**TASK TO CARRY OUT:** Below are records that contain pictures; transcribe the text exactly and omit the pictures.

**DATA SECTION:**
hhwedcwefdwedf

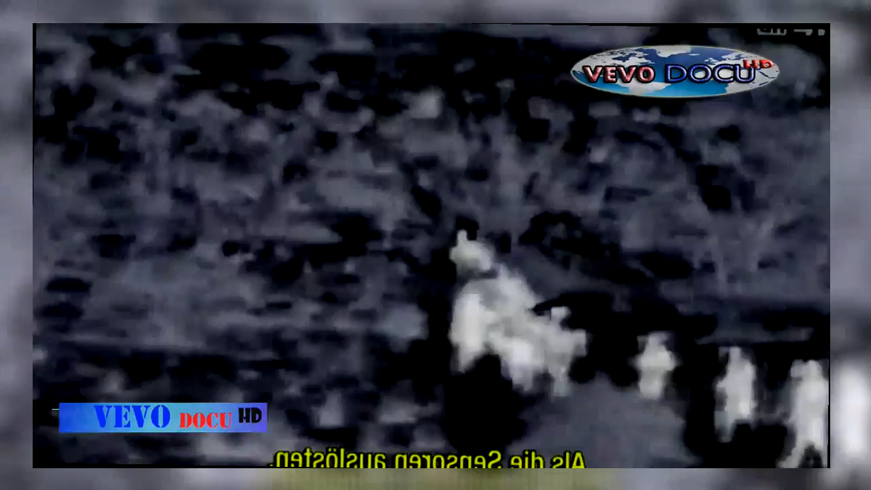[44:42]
And our sensors were triggered, and we actually moved into position with our camera, and this is what we saw. Yeah, I cut a group of cars. I'm trying to get a tally, total number here for you.
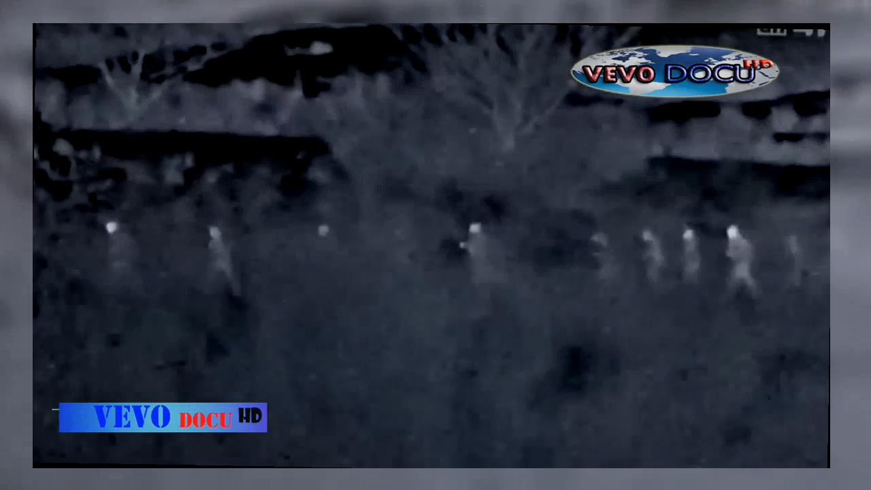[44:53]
But you said no one cut this yesterday, correct?
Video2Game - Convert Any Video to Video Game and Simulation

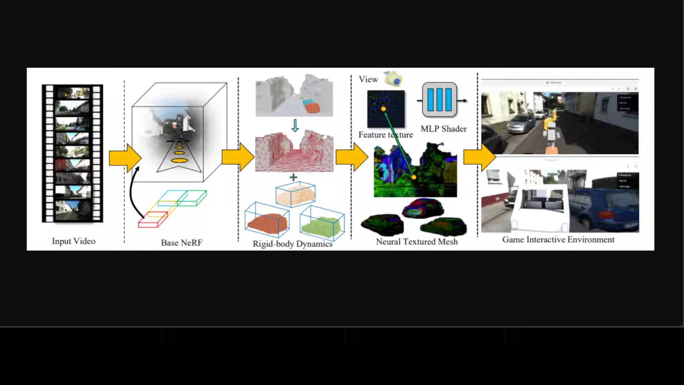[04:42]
Also at the end, towards the right, they obtain an interactive virtual environment that virtual actors can interact with, can correspond to user control and deliver high resolution rendering from novel camera perspective all in real-time. So, really amazing project in my humble opinion.
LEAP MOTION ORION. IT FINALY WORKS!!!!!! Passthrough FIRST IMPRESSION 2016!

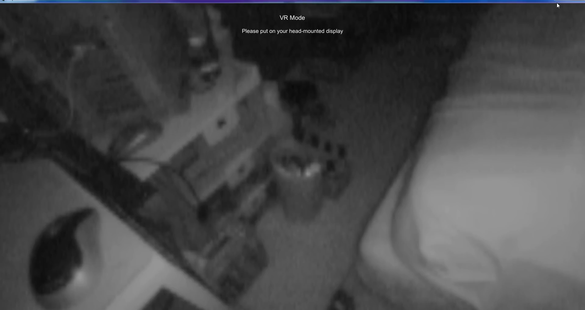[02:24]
The pass-through camera's in 3D. That's what I was looking for. So, hey. A cheers to you.
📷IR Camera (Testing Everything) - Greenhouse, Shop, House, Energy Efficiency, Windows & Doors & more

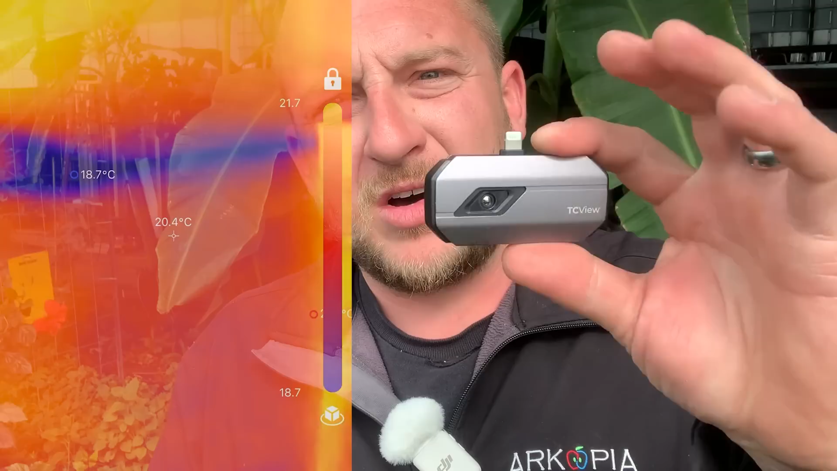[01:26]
On screen: spot 20.4°C
I'm like holy cow like how much are those? Super cheap he said. So I actually reached out to the company and they sent me one to give it a go and this is what this video is about.
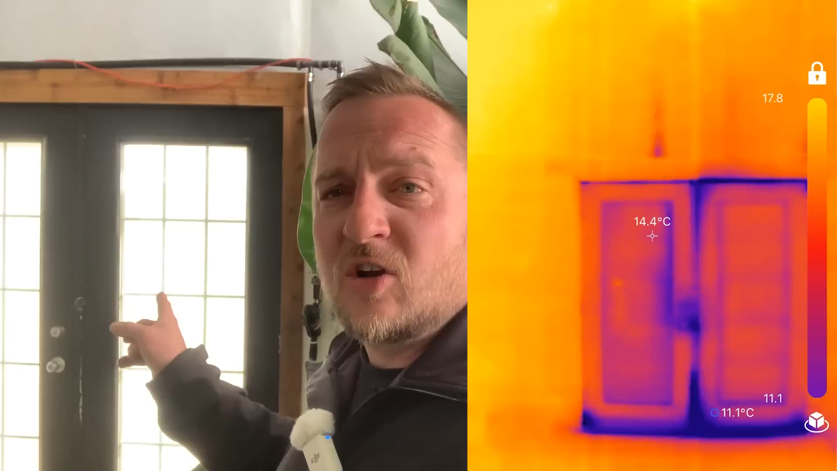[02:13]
On screen: spot 14.4°C, min 11.1°C
So I have two garden doors in the same hole with an air gap.
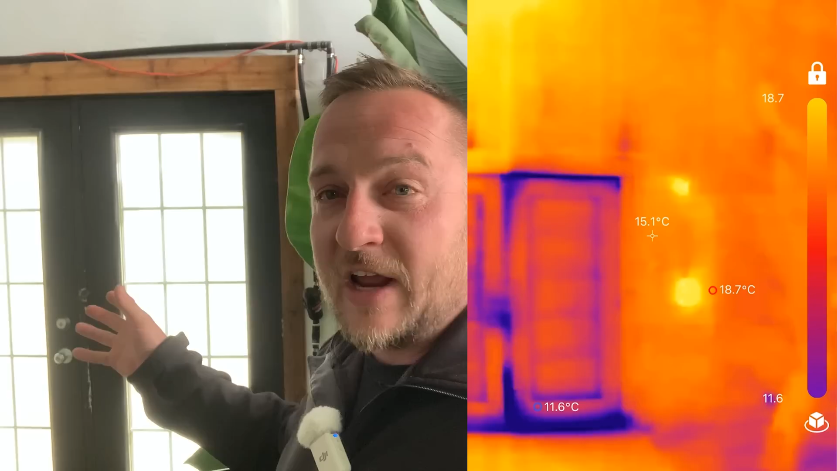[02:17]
On screen: spot 15.1°C
That thing is super efficient compared to your standard door.
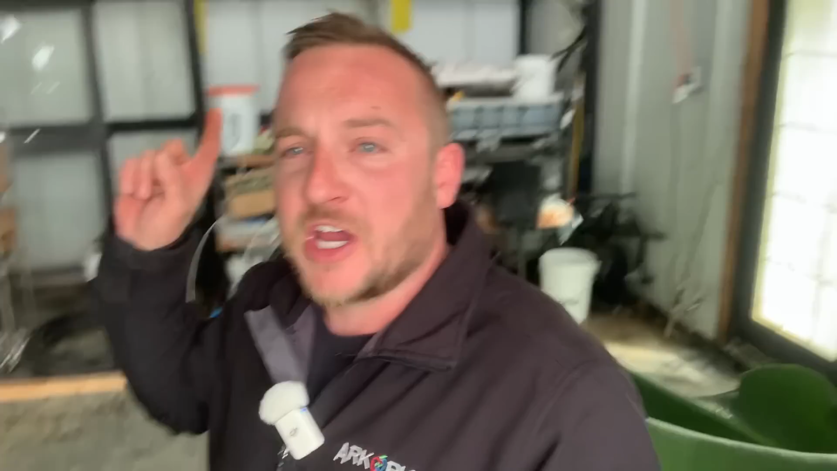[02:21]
And then I checked my concrete in the cold morning when I woke up. I brought the thermal imager in here and the concrete's radiating heat back compared to everything else in the greenhouse. So it's heating up by day and it's radiating back at night.
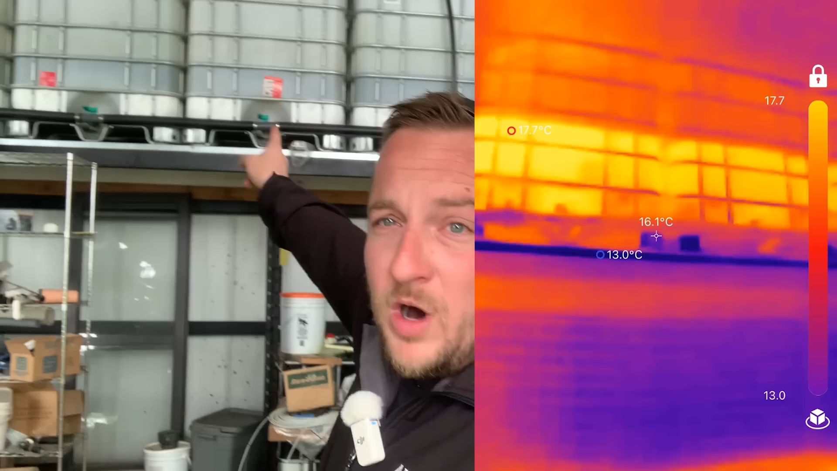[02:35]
On screen: spot 16.1°C
And my water storage tanks are not hit by direct sunlight. It's just the ambient heat by day heating them up.
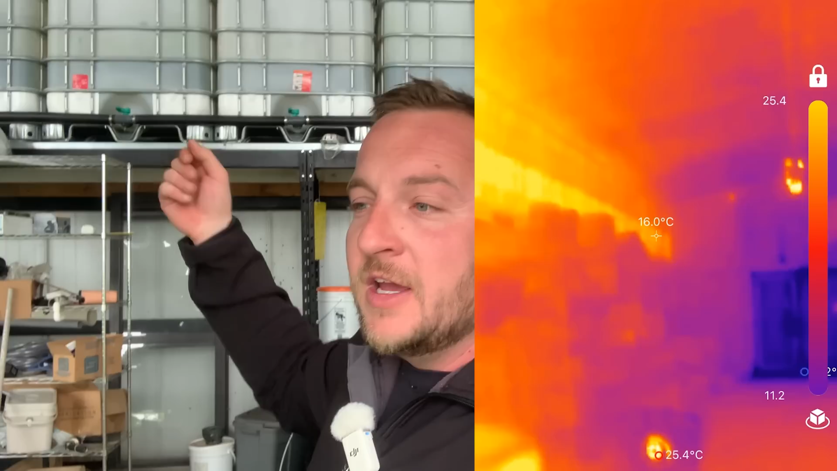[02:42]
On screen: spot 16.0°C, max 25.4°C
And a cold morning, I brought the thermal imager in here. You can see the temperature and they're radiating heat back at night.
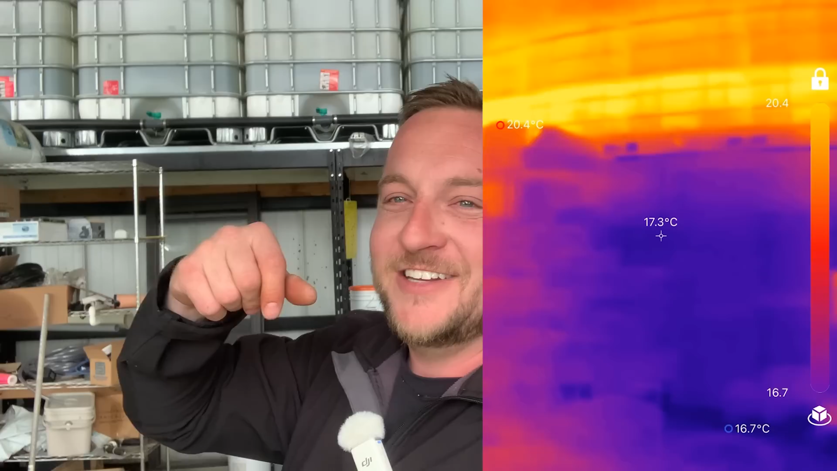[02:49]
On screen: spot 17.3°C, max 20.4°C, min 16.7°C
I tested my fish tank as well. That's just like a water tank and that's radiating heat back at night too.
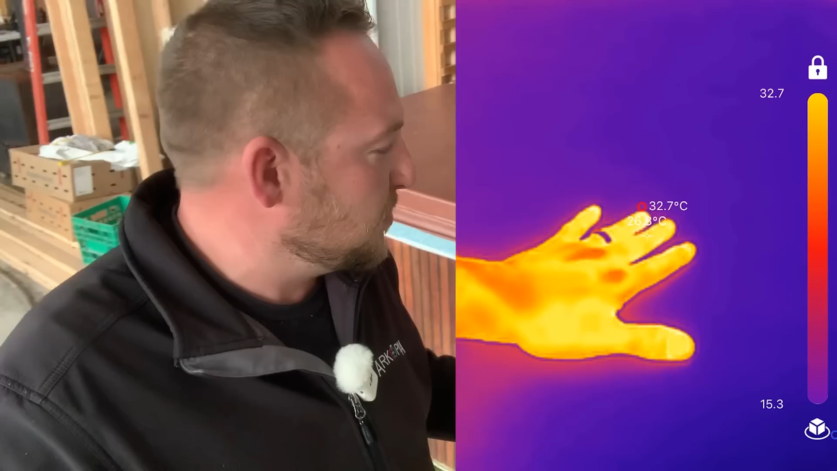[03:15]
full of insulation on top of the spray foam.
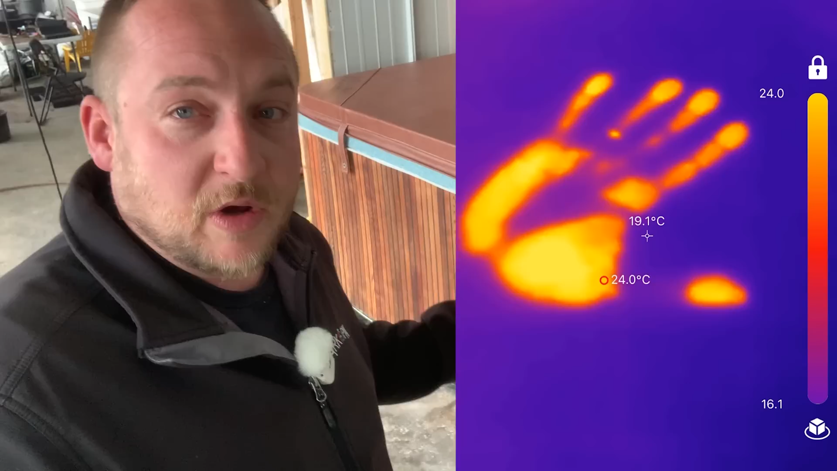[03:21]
So I'm surprised this is what a high efficient hot tub looks like on the thermal imager.
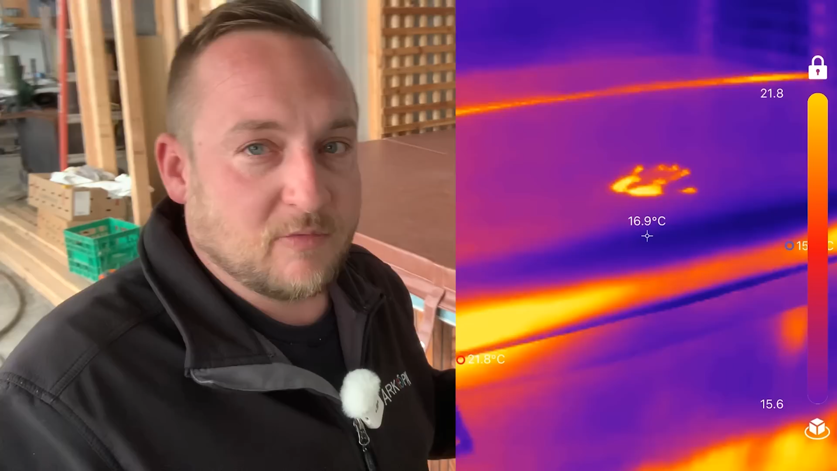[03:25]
On screen: spot 16.9°C
You can still see obviously the heat coming off of it, but the amount of insulation I put in there, the water in there is 100 degrees Fahrenheit.
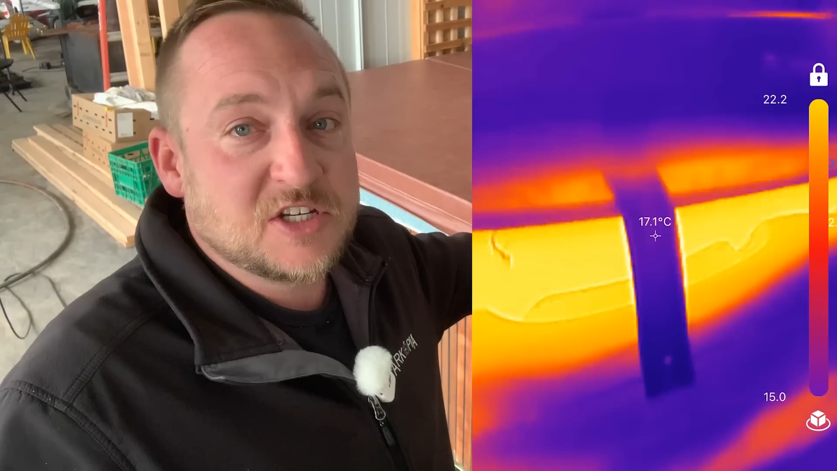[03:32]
On screen: spot 17.1°C
And in a cold morning, that's like 12 degrees in the greenhouse. You can see how high efficient it is with a thermal imager.
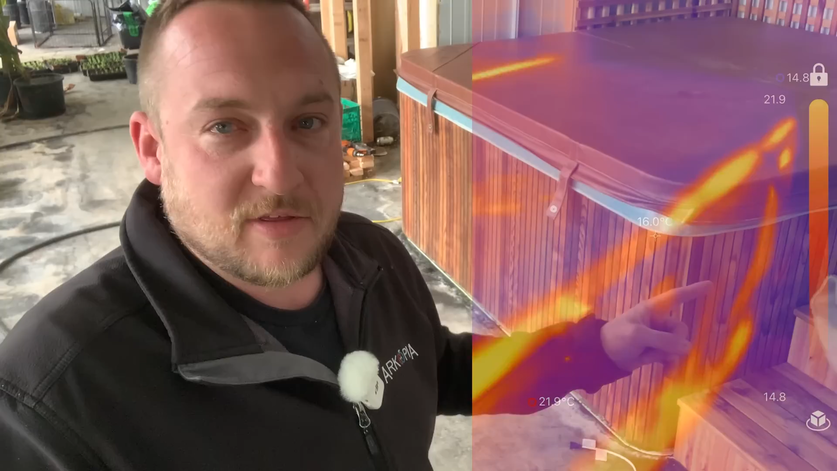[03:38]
On screen: spot 16.0°C
On a cold morning, I fired up the furnace to run.
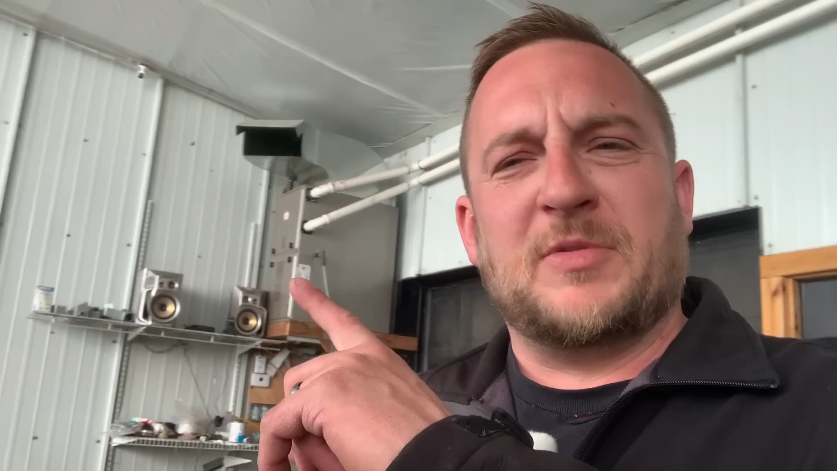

**WRITTEN SOLUTION:**
hhwedcwefdwedf

[44:42]
And our sensors were triggered, and we actually moved into position with our camera, and this is what we saw. Yeah, I cut a group of cars. I'm trying to get a tally, total number here for you.
[44:53]
But you said no one cut this yesterday, correct?
Video2Game - Convert Any Video to Video Game and Simulation

[04:42]
Also at the end, towards the right, they obtain an interactive virtual environment that virtual actors can interact with, can correspond to user control and deliver high resolution rendering from novel camera perspective all in real-time. So, really amazing project in my humble opinion.
LEAP MOTION ORION. IT FINALY WORKS!!!!!! Passthrough FIRST IMPRESSION 2016!

[02:24]
The pass-through camera's in 3D. That's what I was looking for. So, hey. A cheers to you.
📷IR Camera (Testing Everything) - Greenhouse, Shop, House, Energy Efficiency, Windows & Doors & more

[01:26]
On screen: spot 20.4°C
I'm like holy cow like how much are those? Super cheap he said. So I actually reached out to the company and they sent me one to give it a go and this is what this video is about.
[02:13]
On screen: spot 14.4°C, min 11.1°C
So I have two garden doors in the same hole with an air gap.
[02:17]
On screen: spot 15.1°C
That thing is super efficient compared to your standard door.
[02:21]
And then I checked my concrete in the cold morning when I woke up. I brought the thermal imager in here and the concrete's radiating heat back compared to everything else in the greenhouse. So it's heating up by day and it's radiating back at night.
[02:35]
On screen: spot 16.1°C
And my water storage tanks are not hit by direct sunlight. It's just the ambient heat by day heating them up.
[02:42]
On screen: spot 16.0°C, max 25.4°C
And a cold morning, I brought the thermal imager in here. You can see the temperature and they're radiating heat back at night.
[02:49]
On screen: spot 17.3°C, max 20.4°C, min 16.7°C
I tested my fish tank as well. That's just like a water tank and that's radiating heat back at night too.
[03:15]
full of insulation on top of the spray foam.
[03:21]
So I'm surprised this is what a high efficient hot tub looks like on the thermal imager.
[03:25]
On screen: spot 16.9°C
You can still see obviously the heat coming off of it, but the amount of insulation I put in there, the water in there is 100 degrees Fahrenheit.
[03:32]
On screen: spot 17.1°C
And in a cold morning, that's like 12 degrees in the greenhouse. You can see how high efficient it is with a thermal imager.
[03:38]
On screen: spot 16.0°C
On a cold morning, I fired up the furnace to run.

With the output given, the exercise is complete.